- INSTRUCTIONS TO FOLLOW
Would you print out all of the data exactly and keep the pictures out of it?

· · · · ·

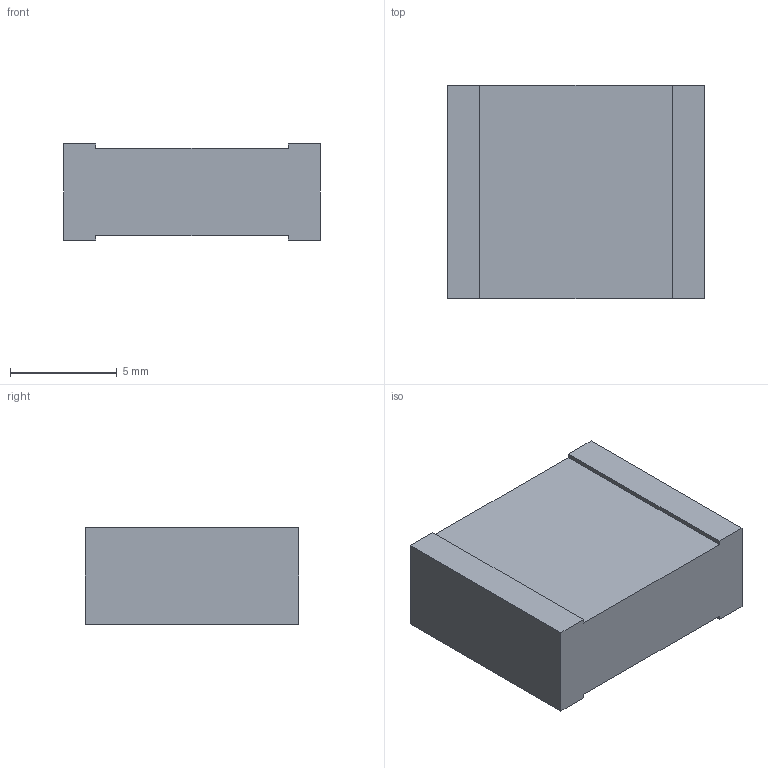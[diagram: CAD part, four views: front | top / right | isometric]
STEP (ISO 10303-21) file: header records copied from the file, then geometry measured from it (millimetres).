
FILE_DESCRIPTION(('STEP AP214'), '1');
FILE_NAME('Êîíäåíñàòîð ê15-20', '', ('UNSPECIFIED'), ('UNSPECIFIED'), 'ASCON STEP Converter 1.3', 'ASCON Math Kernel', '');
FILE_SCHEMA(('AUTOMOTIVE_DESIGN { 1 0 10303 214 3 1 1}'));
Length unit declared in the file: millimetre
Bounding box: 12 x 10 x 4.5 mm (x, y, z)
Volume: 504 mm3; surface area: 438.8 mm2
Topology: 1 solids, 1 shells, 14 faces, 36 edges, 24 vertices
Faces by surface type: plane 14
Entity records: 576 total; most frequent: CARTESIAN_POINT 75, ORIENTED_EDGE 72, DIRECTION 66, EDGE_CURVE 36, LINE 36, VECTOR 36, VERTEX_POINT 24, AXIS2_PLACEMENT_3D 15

· · · · ·

- TASK RESULT
[diagram: CAD part, four views: front | top / right | isometric]
STEP (ISO 10303-21) file: header records copied from the file, then geometry measured from it (millimetres).
FILE_DESCRIPTION(('STEP AP214'), '1');
FILE_NAME('Êîíäåíñàòîð ê15-20', '', ('UNSPECIFIED'), ('UNSPECIFIED'), 'ASCON STEP Converter 1.3', 'ASCON Math Kernel', '');
FILE_SCHEMA(('AUTOMOTIVE_DESIGN { 1 0 10303 214 3 1 1}'));
Length unit declared in the file: millimetre
Bounding box: 12 x 10 x 4.5 mm (x, y, z)
Volume: 504 mm3; surface area: 438.8 mm2
Topology: 1 solids, 1 shells, 14 faces, 36 edges, 24 vertices
Faces by surface type: plane 14
Entity records: 576 total; most frequent: CARTESIAN_POINT 75, ORIENTED_EDGE 72, DIRECTION 66, EDGE_CURVE 36, LINE 36, VECTOR 36, VERTEX_POINT 24, AXIS2_PLACEMENT_3D 15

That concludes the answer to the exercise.